WORK ITEM:
Leave the images out. Give every line below again, precisely.

MATERIAL TO PROCESS:
****************
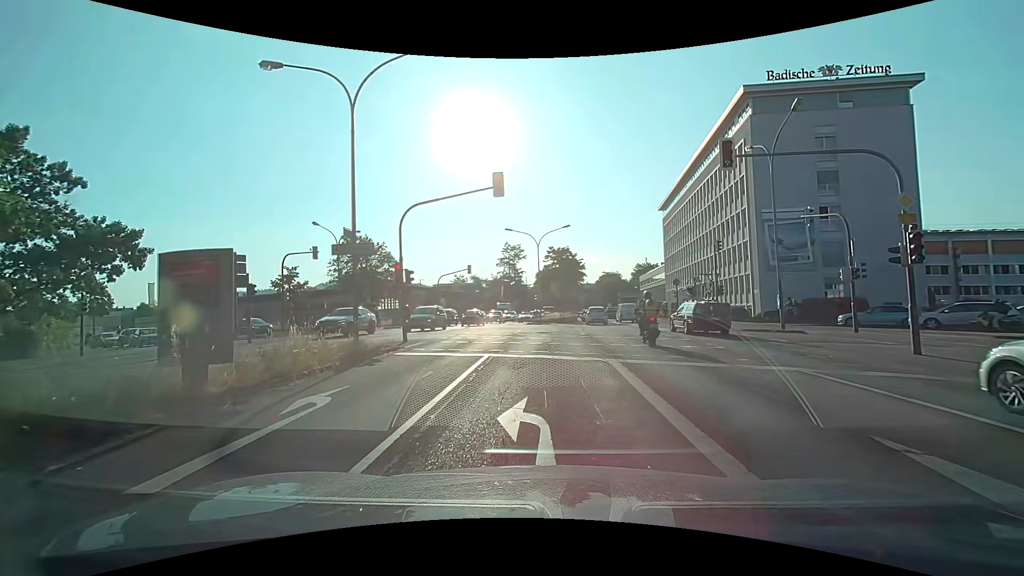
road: primary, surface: asphalt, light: Day
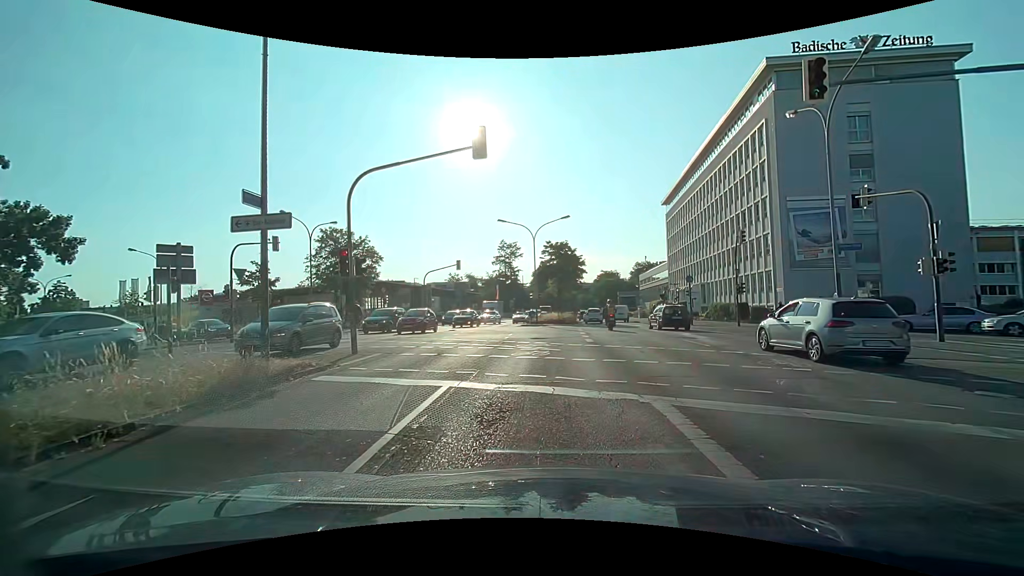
(0.0, +4.8) m; +2°
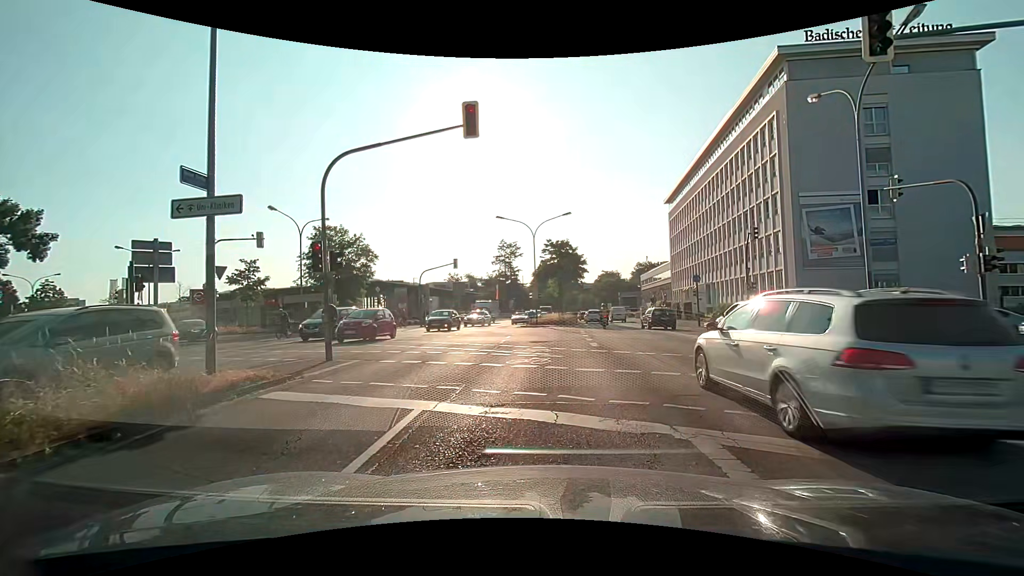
(0.0, +1.7) m; -2°
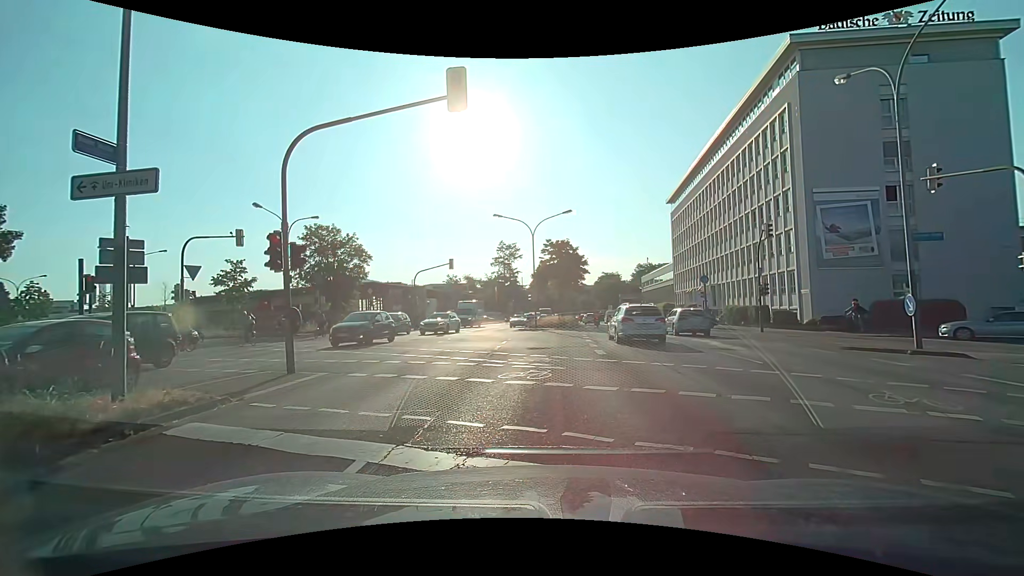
(+0.1, +1.8) m; +2°
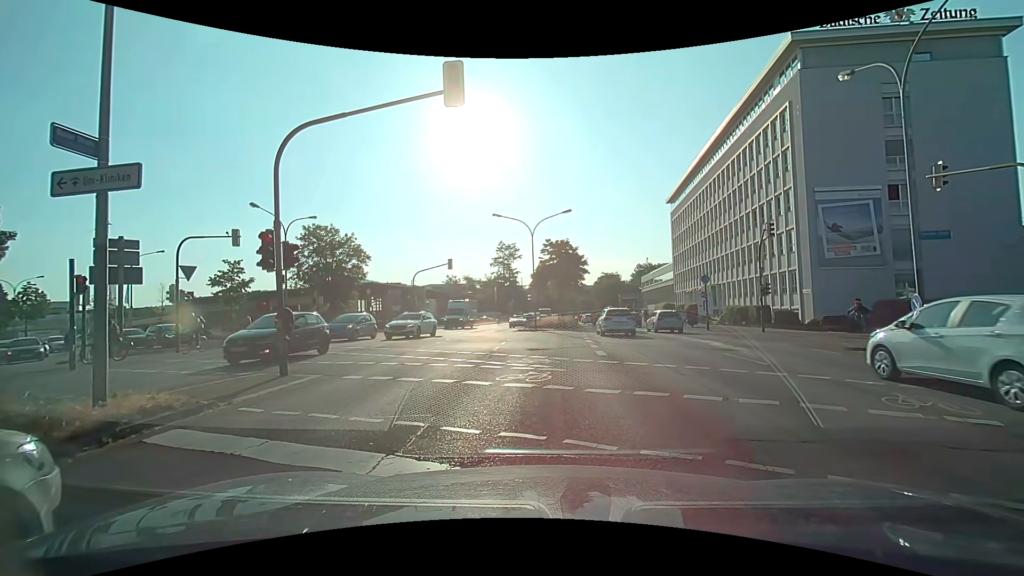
(0.0, +0.3) m; 0°
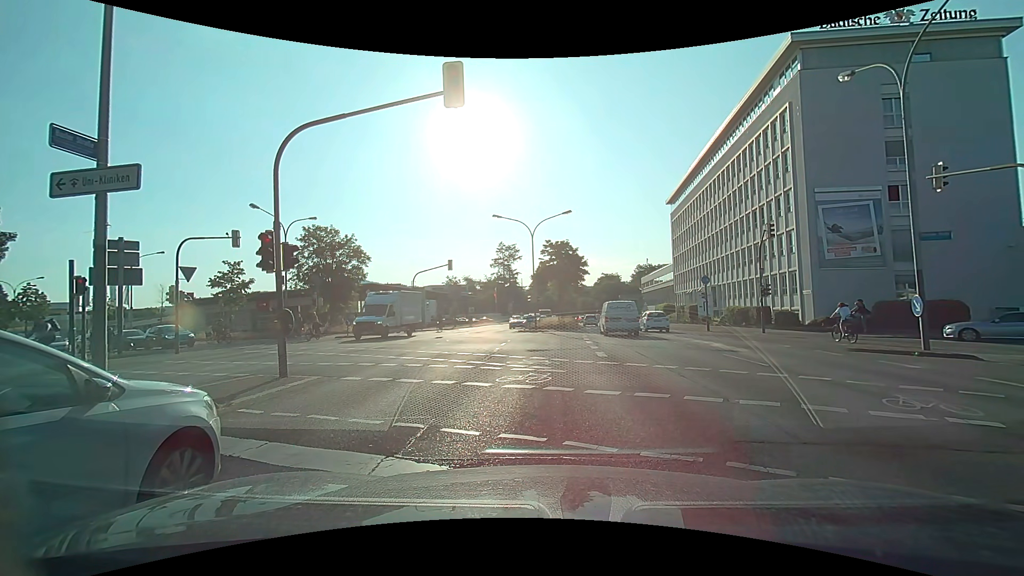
(0.0, +0.1) m; 0°
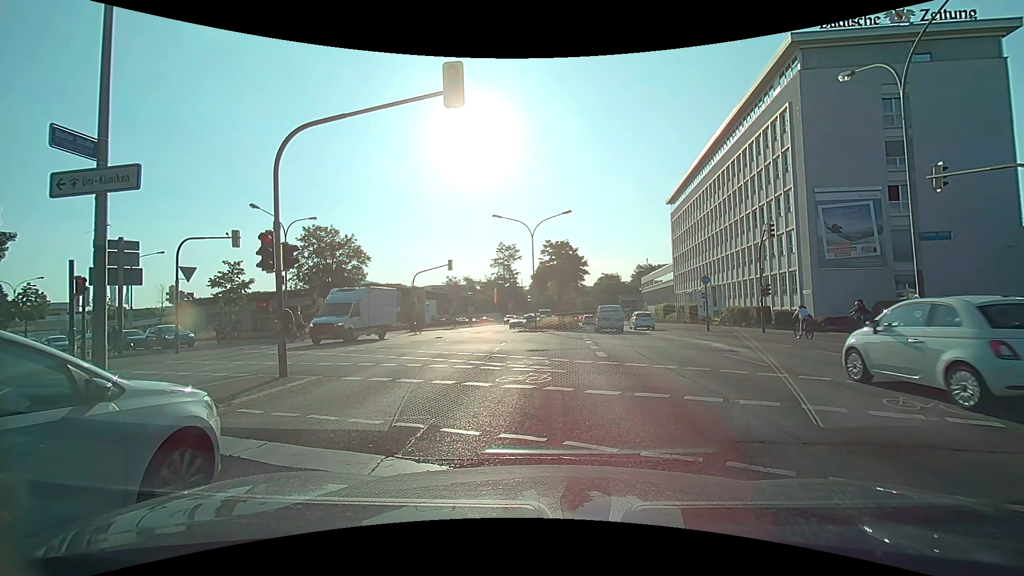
(0.0, 0.0) m; 0°
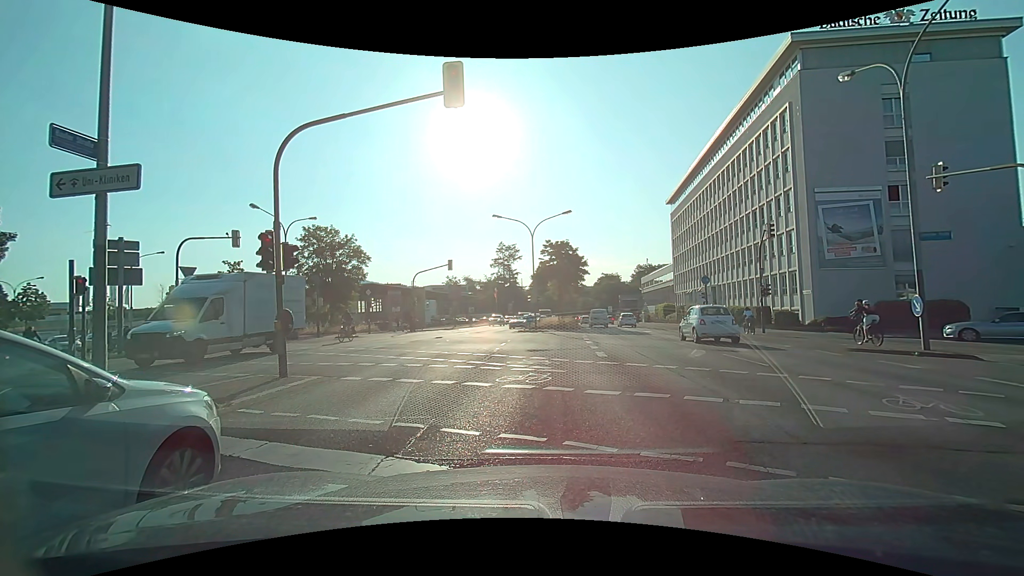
(0.0, 0.0) m; 0°
(0, +10) (0, +20) (-1, +30) (-7, +38) (-16, +43) (-24, +48) (-33, +53) (-42, +57) (-52, +61) (-61, +64) m
****************
SOLUTION TO THIS TASK:
road: primary, surface: asphalt, light: Day
(0.0, +4.8) m; +2°
(0.0, +1.7) m; -2°
(+0.1, +1.8) m; +2°
(0.0, +0.3) m; 0°
(0.0, +0.1) m; 0°
(0.0, 0.0) m; 0°
(0.0, 0.0) m; 0°
(0, +10) (0, +20) (-1, +30) (-7, +38) (-16, +43) (-24, +48) (-33, +53) (-42, +57) (-52, +61) (-61, +64) m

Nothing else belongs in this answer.